3. Logistic Regression
   - A linear classifier that assigns weights to each TF-IDF feature.
   - Features common in spam (like "win prize" or "free entry") get positive weights,
     while features common in ham may get negative weights.

4. Grid Search with 5-Fold Cross-Validation
   - Instead of manually tuning hyperparameters, the script searches over:
       * min_df (ignore words that appear too rarely)
       * C (strength of regularization in Logistic Regression)
   - Uses 5-fold CV on the training data, optimizing for F1 score (a balance
     of precision and recall for the spam class).

5. Validation Evaluation
   - After training with the best parameters, the model is evaluated on the
     validation split (15% of data not seen in training).
   - Reports precision, recall, F1, and ROC-AUC.

6. Saving Results
   - The trained pipeline (TF-IDF + ROS + Logistic Regression) is saved to:
       ../OUTPUT/logreg.joblib
     This allows reusing the trained model later without retraining.
   - A JSON report with best parameters and validation metrics is saved to:
       ../OUTPUT/train_report.json

In [1]:
#!/usr/bin/env python3
# -*- coding: utf-8 -*-
from pathlib import Path
import json
import pandas as pd
import joblib

from imblearn.pipeline import Pipeline
from imblearn.over_sampling import RandomOverSampler
from sklearn.feature_extraction.text import TfidfVectorizer
from sklearn.linear_model import LogisticRegression
from sklearn.model_selection import GridSearchCV
from sklearn.metrics import precision_recall_fscore_support, roc_auc_score

# Paths
splits_dir = Path("../DATA/splits")
out_dir = Path("../OUTPUT/04_Training_Results")
out_dir.mkdir(parents=True, exist_ok=True)

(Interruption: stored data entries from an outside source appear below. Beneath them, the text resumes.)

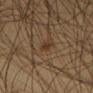The lesion was tiled from a total-body skin photograph and was not biopsied. Imaged with cross-polarized lighting. The subject is a male roughly 45 years of age. Approximately 1.5 mm at its widest. The lesion is on the left thigh. The total-body-photography lesion software estimated a footprint of about 1.5 mm², a shape eccentricity near 0.8, and a symmetry-axis asymmetry near 0.4. It also reported a lesion–skin lightness drop of about 7 and a normalized lesion–skin contrast near 7. It also reported a border-irregularity rating of about 3/10 and a color-variation rating of about 0/10. This image is a 15 mm lesion crop taken from a total-body photograph.
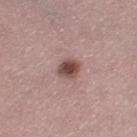Assessment: Part of a total-body skin-imaging series; this lesion was reviewed on a skin check and was not flagged for biopsy. Acquisition and patient details: A female patient, about 50 years old. Imaged with white-light lighting. This image is a 15 mm lesion crop taken from a total-body photograph. The lesion is on the right thigh.
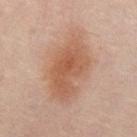Assessment: No biopsy was performed on this lesion — it was imaged during a full skin examination and was not determined to be concerning. Acquisition and patient details: Imaged with cross-polarized lighting. Located on the mid back. A close-up tile cropped from a whole-body skin photograph, about 15 mm across. The subject is a female aged 48–52. Approximately 9 mm at its widest.
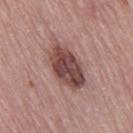No biopsy was performed on this lesion — it was imaged during a full skin examination and was not determined to be concerning.
A 15 mm crop from a total-body photograph taken for skin-cancer surveillance.
The subject is a female approximately 65 years of age.
Captured under white-light illumination.
The lesion's longest dimension is about 6.5 mm.
The lesion is on the right thigh.
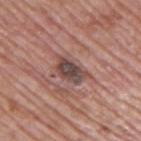follow-up: catalogued during a skin exam; not biopsied | tile lighting: white-light illumination | lesion size: ≈4.5 mm | subject: male, aged 68 to 72 | image source: total-body-photography crop, ~15 mm field of view | site: the upper back.
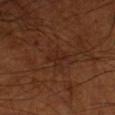Longest diameter approximately 2.5 mm.
A male subject in their 70s.
Imaged with cross-polarized lighting.
The total-body-photography lesion software estimated a mean CIELAB color near L≈24 a*≈20 b*≈25 and a lesion–skin lightness drop of about 4. The analysis additionally found a border-irregularity index near 2/10, internal color variation of about 2 on a 0–10 scale, and radial color variation of about 0.5. The software also gave a detector confidence of about 100 out of 100 that the crop contains a lesion.
A roughly 15 mm field-of-view crop from a total-body skin photograph.
The lesion is on the left forearm.
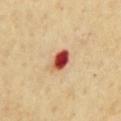biopsy status: total-body-photography surveillance lesion; no biopsy | lighting: cross-polarized | anatomic site: the chest | subject: male, approximately 65 years of age | lesion diameter: ≈3 mm | acquisition: ~15 mm crop, total-body skin-cancer survey.
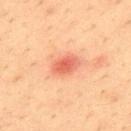The lesion was tiled from a total-body skin photograph and was not biopsied.
On the upper back.
A 15 mm close-up extracted from a 3D total-body photography capture.
Automated tile analysis of the lesion measured a lesion color around L≈60 a*≈31 b*≈34 in CIELAB, a lesion–skin lightness drop of about 11, and a lesion-to-skin contrast of about 7 (normalized; higher = more distinct). It also reported a nevus-likeness score of about 0/100 and lesion-presence confidence of about 100/100.
Longest diameter approximately 3.5 mm.
The tile uses cross-polarized illumination.
The subject is a male in their mid-30s.
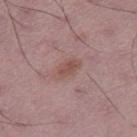notes=total-body-photography surveillance lesion; no biopsy
body site=the right thigh
patient=male, aged approximately 50
imaging modality=15 mm crop, total-body photography
size=about 2.5 mm
lighting=white-light illumination
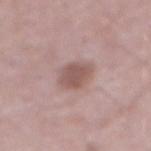Assessment: No biopsy was performed on this lesion — it was imaged during a full skin examination and was not determined to be concerning. Background: A 15 mm crop from a total-body photograph taken for skin-cancer surveillance. A male subject in their mid-70s. From the abdomen. The tile uses white-light illumination. Measured at roughly 3.5 mm in maximum diameter.
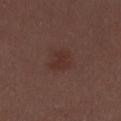This lesion was catalogued during total-body skin photography and was not selected for biopsy. The subject is a male aged around 30. This image is a 15 mm lesion crop taken from a total-body photograph. Located on the mid back.
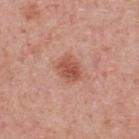workup: no biopsy performed (imaged during a skin exam); diameter: about 3 mm; site: the upper back; subject: male, about 65 years old; image: 15 mm crop, total-body photography.
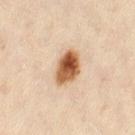| field | value |
|---|---|
| notes | imaged on a skin check; not biopsied |
| lighting | cross-polarized illumination |
| size | ~4 mm (longest diameter) |
| anatomic site | the lower back |
| image | ~15 mm tile from a whole-body skin photo |
| patient | female, aged 33 to 37 |
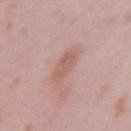Assessment:
No biopsy was performed on this lesion — it was imaged during a full skin examination and was not determined to be concerning.
Clinical summary:
The subject is a female aged around 15. A lesion tile, about 15 mm wide, cut from a 3D total-body photograph. Located on the left upper arm. About 3.5 mm across. Imaged with white-light lighting.
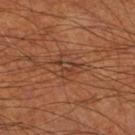workup = imaged on a skin check; not biopsied
lighting = cross-polarized illumination
image source = 15 mm crop, total-body photography
subject = male, in their 70s
size = ≈3 mm
location = the right thigh
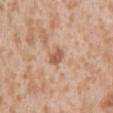Clinical impression:
Imaged during a routine full-body skin examination; the lesion was not biopsied and no histopathology is available.
Acquisition and patient details:
The lesion's longest dimension is about 2.5 mm. Automated tile analysis of the lesion measured a footprint of about 3.5 mm² and an outline eccentricity of about 0.8 (0 = round, 1 = elongated). It also reported a lesion color around L≈57 a*≈21 b*≈33 in CIELAB and a normalized lesion–skin contrast near 7.5. And it measured a color-variation rating of about 2/10. The analysis additionally found an automated nevus-likeness rating near 5 out of 100. The lesion is on the abdomen. This image is a 15 mm lesion crop taken from a total-body photograph. A male patient, aged 43 to 47.
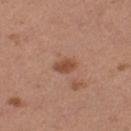Q: Was this lesion biopsied?
A: no biopsy performed (imaged during a skin exam)
Q: What is the imaging modality?
A: ~15 mm crop, total-body skin-cancer survey
Q: Lesion location?
A: the left thigh
Q: Patient demographics?
A: female, aged around 30
Q: How large is the lesion?
A: ≈2.5 mm
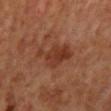Impression: The lesion was tiled from a total-body skin photograph and was not biopsied. Acquisition and patient details: A male subject, aged 58–62. The lesion is on the chest. The total-body-photography lesion software estimated a lesion area of about 11 mm², an eccentricity of roughly 0.8, and a symmetry-axis asymmetry near 0.35. The analysis additionally found an average lesion color of about L≈32 a*≈22 b*≈28 (CIELAB) and a normalized border contrast of about 7. A 15 mm close-up extracted from a 3D total-body photography capture. The tile uses cross-polarized illumination.
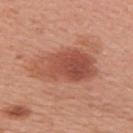- workup: catalogued during a skin exam; not biopsied
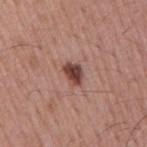Recorded during total-body skin imaging; not selected for excision or biopsy. A region of skin cropped from a whole-body photographic capture, roughly 15 mm wide. A male subject about 55 years old. The lesion-visualizer software estimated a lesion area of about 4.5 mm², an outline eccentricity of about 0.7 (0 = round, 1 = elongated), and a symmetry-axis asymmetry near 0.2. And it measured a lesion color around L≈43 a*≈23 b*≈24 in CIELAB, about 15 CIELAB-L* units darker than the surrounding skin, and a normalized border contrast of about 11. The software also gave border irregularity of about 2 on a 0–10 scale, a within-lesion color-variation index near 5/10, and peripheral color asymmetry of about 1.5. The software also gave an automated nevus-likeness rating near 90 out of 100. This is a white-light tile. The recorded lesion diameter is about 3 mm. Located on the arm.
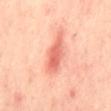Impression:
Recorded during total-body skin imaging; not selected for excision or biopsy.
Clinical summary:
Captured under cross-polarized illumination. From the mid back. A region of skin cropped from a whole-body photographic capture, roughly 15 mm wide. Automated tile analysis of the lesion measured a border-irregularity rating of about 3.5/10, a color-variation rating of about 3.5/10, and a peripheral color-asymmetry measure near 1. The software also gave an automated nevus-likeness rating near 55 out of 100 and lesion-presence confidence of about 100/100. A female subject, aged approximately 40.
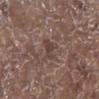- follow-up — no biopsy performed (imaged during a skin exam)
- lesion size — about 2.5 mm
- patient — male, aged around 70
- anatomic site — the right lower leg
- image source — ~15 mm tile from a whole-body skin photo
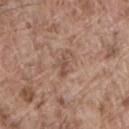biopsy_status: not biopsied; imaged during a skin examination
automated_metrics:
  border_irregularity_0_10: 5.0
  color_variation_0_10: 1.0
  peripheral_color_asymmetry: 0.0
image:
  source: total-body photography crop
  field_of_view_mm: 15
site: lower back
lesion_size:
  long_diameter_mm_approx: 3.0
patient:
  sex: male
  age_approx: 80
lighting: white-light
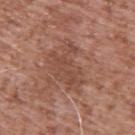  biopsy_status: not biopsied; imaged during a skin examination
  patient:
    sex: male
    age_approx: 55
  image:
    source: total-body photography crop
    field_of_view_mm: 15
  automated_metrics:
    area_mm2_approx: 14.0
    eccentricity: 0.8
    cielab_L: 47
    cielab_a: 22
    cielab_b: 27
    vs_skin_darker_L: 7.0
    border_irregularity_0_10: 6.0
    color_variation_0_10: 2.5
    peripheral_color_asymmetry: 1.0
  lesion_size:
    long_diameter_mm_approx: 6.0
  site: upper back
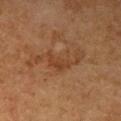notes = imaged on a skin check; not biopsied
lesion diameter = about 6 mm
lighting = cross-polarized
location = the right upper arm
patient = female, approximately 60 years of age
image = ~15 mm tile from a whole-body skin photo
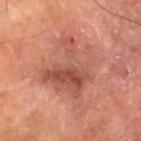lesion_size:
  long_diameter_mm_approx: 8.0
site: right thigh
patient:
  sex: male
  age_approx: 80
lighting: cross-polarized
image:
  source: total-body photography crop
  field_of_view_mm: 15
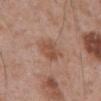| key | value |
|---|---|
| imaging modality | total-body-photography crop, ~15 mm field of view |
| lighting | white-light illumination |
| lesion size | ≈3 mm |
| automated metrics | a lesion color around L≈51 a*≈21 b*≈30 in CIELAB and a normalized border contrast of about 6.5 |
| patient | male, aged 68 to 72 |
| location | the abdomen |
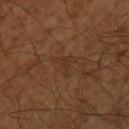Recorded during total-body skin imaging; not selected for excision or biopsy. A 15 mm close-up tile from a total-body photography series done for melanoma screening. On the upper back. A male patient aged 28 to 32.
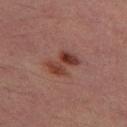Assessment: No biopsy was performed on this lesion — it was imaged during a full skin examination and was not determined to be concerning. Background: A close-up tile cropped from a whole-body skin photograph, about 15 mm across. The lesion's longest dimension is about 4 mm. Located on the left thigh. The patient is a male about 30 years old. The tile uses cross-polarized illumination.
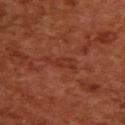| field | value |
|---|---|
| biopsy status | no biopsy performed (imaged during a skin exam) |
| lighting | cross-polarized |
| size | ≈4 mm |
| imaging modality | ~15 mm crop, total-body skin-cancer survey |
| automated metrics | a border-irregularity rating of about 6/10, a within-lesion color-variation index near 1/10, and radial color variation of about 0 |
| body site | the upper back |
| subject | female, in their mid-50s |
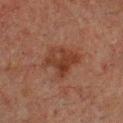This lesion was catalogued during total-body skin photography and was not selected for biopsy.
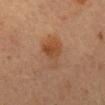Q: What did automated image analysis measure?
A: an average lesion color of about L≈41 a*≈19 b*≈32 (CIELAB), roughly 7 lightness units darker than nearby skin, and a normalized lesion–skin contrast near 7
Q: What is the lesion's diameter?
A: ≈4.5 mm
Q: Illumination type?
A: cross-polarized illumination
Q: What are the patient's age and sex?
A: female, aged 58 to 62
Q: Where on the body is the lesion?
A: the mid back
Q: How was this image acquired?
A: 15 mm crop, total-body photography
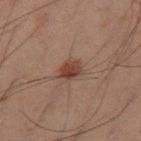No biopsy was performed on this lesion — it was imaged during a full skin examination and was not determined to be concerning.
A male patient aged 58–62.
A region of skin cropped from a whole-body photographic capture, roughly 15 mm wide.
From the leg.
This is a cross-polarized tile.
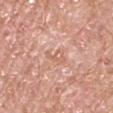Q: What is the anatomic site?
A: the right upper arm
Q: What is the imaging modality?
A: 15 mm crop, total-body photography
Q: What are the patient's age and sex?
A: male, aged 63 to 67
Q: What lighting was used for the tile?
A: white-light illumination
Q: What did automated image analysis measure?
A: a footprint of about 3.5 mm², a shape eccentricity near 0.75, and a shape-asymmetry score of about 0.5 (0 = symmetric); a mean CIELAB color near L≈63 a*≈23 b*≈31, about 7 CIELAB-L* units darker than the surrounding skin, and a lesion-to-skin contrast of about 5 (normalized; higher = more distinct); a nevus-likeness score of about 0/100
Q: Lesion size?
A: about 2.5 mm
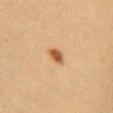<record>
  <biopsy_status>not biopsied; imaged during a skin examination</biopsy_status>
  <lighting>cross-polarized</lighting>
  <image>
    <source>total-body photography crop</source>
    <field_of_view_mm>15</field_of_view_mm>
  </image>
  <site>front of the torso</site>
  <lesion_size>
    <long_diameter_mm_approx>2.5</long_diameter_mm_approx>
  </lesion_size>
  <patient>
    <sex>female</sex>
    <age_approx>40</age_approx>
  </patient>
</record>
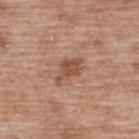notes — imaged on a skin check; not biopsied | anatomic site — the upper back | automated lesion analysis — an area of roughly 5.5 mm² and a shape-asymmetry score of about 0.35 (0 = symmetric); a lesion–skin lightness drop of about 10 and a lesion-to-skin contrast of about 7 (normalized; higher = more distinct) | image source — 15 mm crop, total-body photography | lighting — white-light | diameter — about 3.5 mm | patient — male, approximately 50 years of age.
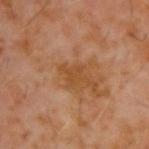follow-up: imaged on a skin check; not biopsied | acquisition: total-body-photography crop, ~15 mm field of view | patient: male, roughly 60 years of age | automated metrics: a lesion area of about 3.5 mm² and a shape-asymmetry score of about 0.4 (0 = symmetric); a border-irregularity index near 5/10, internal color variation of about 1 on a 0–10 scale, and a peripheral color-asymmetry measure near 0.5 | lesion size: about 3 mm | lighting: cross-polarized illumination | location: the upper back.
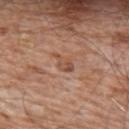Assessment:
Recorded during total-body skin imaging; not selected for excision or biopsy.
Acquisition and patient details:
Cropped from a whole-body photographic skin survey; the tile spans about 15 mm. The recorded lesion diameter is about 3 mm. A male subject, in their 80s. The lesion is on the upper back.
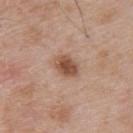The lesion was tiled from a total-body skin photograph and was not biopsied.
Located on the upper back.
Automated image analysis of the tile measured a footprint of about 6 mm², a shape eccentricity near 0.65, and a symmetry-axis asymmetry near 0.2. It also reported a lesion color around L≈51 a*≈21 b*≈30 in CIELAB, roughly 13 lightness units darker than nearby skin, and a normalized lesion–skin contrast near 9.5. The software also gave a border-irregularity index near 2/10 and peripheral color asymmetry of about 1.
A roughly 15 mm field-of-view crop from a total-body skin photograph.
The recorded lesion diameter is about 3 mm.
The tile uses white-light illumination.
The subject is a male aged approximately 55.
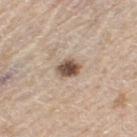Part of a total-body skin-imaging series; this lesion was reviewed on a skin check and was not flagged for biopsy. An algorithmic analysis of the crop reported a classifier nevus-likeness of about 100/100 and a lesion-detection confidence of about 100/100. The lesion's longest dimension is about 3 mm. A female subject aged 68–72. On the left thigh. Imaged with white-light lighting. A 15 mm close-up extracted from a 3D total-body photography capture.
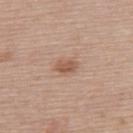No biopsy was performed on this lesion — it was imaged during a full skin examination and was not determined to be concerning. Imaged with white-light lighting. The lesion is on the upper back. Longest diameter approximately 2.5 mm. Cropped from a total-body skin-imaging series; the visible field is about 15 mm. The subject is a female aged 63 to 67.
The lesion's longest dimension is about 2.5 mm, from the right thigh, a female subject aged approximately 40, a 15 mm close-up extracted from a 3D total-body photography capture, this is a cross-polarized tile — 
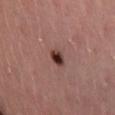Conclusion: Histopathology of the biopsied lesion showed a benign skin lesion: junctional melanocytic nevus.
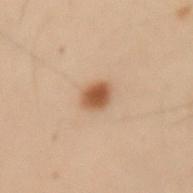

model_path = out_dir / "logreg.joblib"
report_path = out_dir / "train_report.json"

In [2]:
# Load data
train = pd.read_csv(splits_dir / "train.csv")
val = pd.read_csv(splits_dir / "val.csv")

X_train = train["SMS_Message"].tolist()
y_train = (train["Label"].str.lower() == "spam").astype(int).values

X_val = val["SMS_Message"].tolist()
y_val = (val["Label"].str.lower() == "spam").astype(int).values


In [3]:
# Pipeline: TF-IDF -> ROS -> Logistic Regression
pipe = Pipeline([
    ("tfidf", TfidfVectorizer(ngram_range=(1, 2), min_df=2)),
    ("ros", RandomOverSampler(random_state=42)),
    ("clf", LogisticRegression(max_iter=1000, random_state=42))
])

In [4]:
# Small grid
param_grid = {
    "tfidf__min_df": [1, 2, 3],
    "clf__C": [0.5, 1.0, 2.0, 4.0],
    "clf__penalty": ["l2"],
    "clf__solver": ["lbfgs"],
}

In [5]:
# Optimize F1 on spam (positive class)
gs = GridSearchCV(pipe, param_grid, scoring="f1", cv=5, n_jobs=-1, verbose=1)
gs.fit(X_train, y_train)
best_model = gs.best_estimator_


Fitting 5 folds for each of 12 candidates, totalling 60 fits


In [6]:
# Validate on VAL (original distribution)
y_pred = best_model.predict(X_val)
y_prob = best_model.predict_proba(X_val)[:, 1]

prec, rec, f1, _ = precision_recall_fscore_support(
    y_val, y_pred, average="binary", zero_division=0
)
auc = roc_auc_score(y_val, y_prob)

report = {
    "best_params": gs.best_params_,
    "val_metrics": {
        "precision": float(prec),
        "recall": float(rec),
        "f1": float(f1),
        "roc_auc": float(auc),
    },
}

In [7]:
# Save artifacts
joblib.dump(best_model, model_path)
with open(report_path, "w") as f:
    json.dump(report, f, indent=2)

print("Saved model:", model_path)
print("Saved report:", report_path)
print("Best params:", gs.best_params_)
print("VAL metrics:", report["val_metrics"])

Saved model: ../OUTPUT/04_Training_Results/logreg.joblib
Saved report: ../OUTPUT/04_Training_Results/train_report.json
Best params: {'clf__C': 4.0, 'clf__penalty': 'l2', 'clf__solver': 'lbfgs', 'tfidf__min_df': 2}
VAL metrics: {'precision': 0.9191919191919192, 'recall': 0.9381443298969072, 'f1': 0.9285714285714286, 'roc_auc': 0.9933910977782515}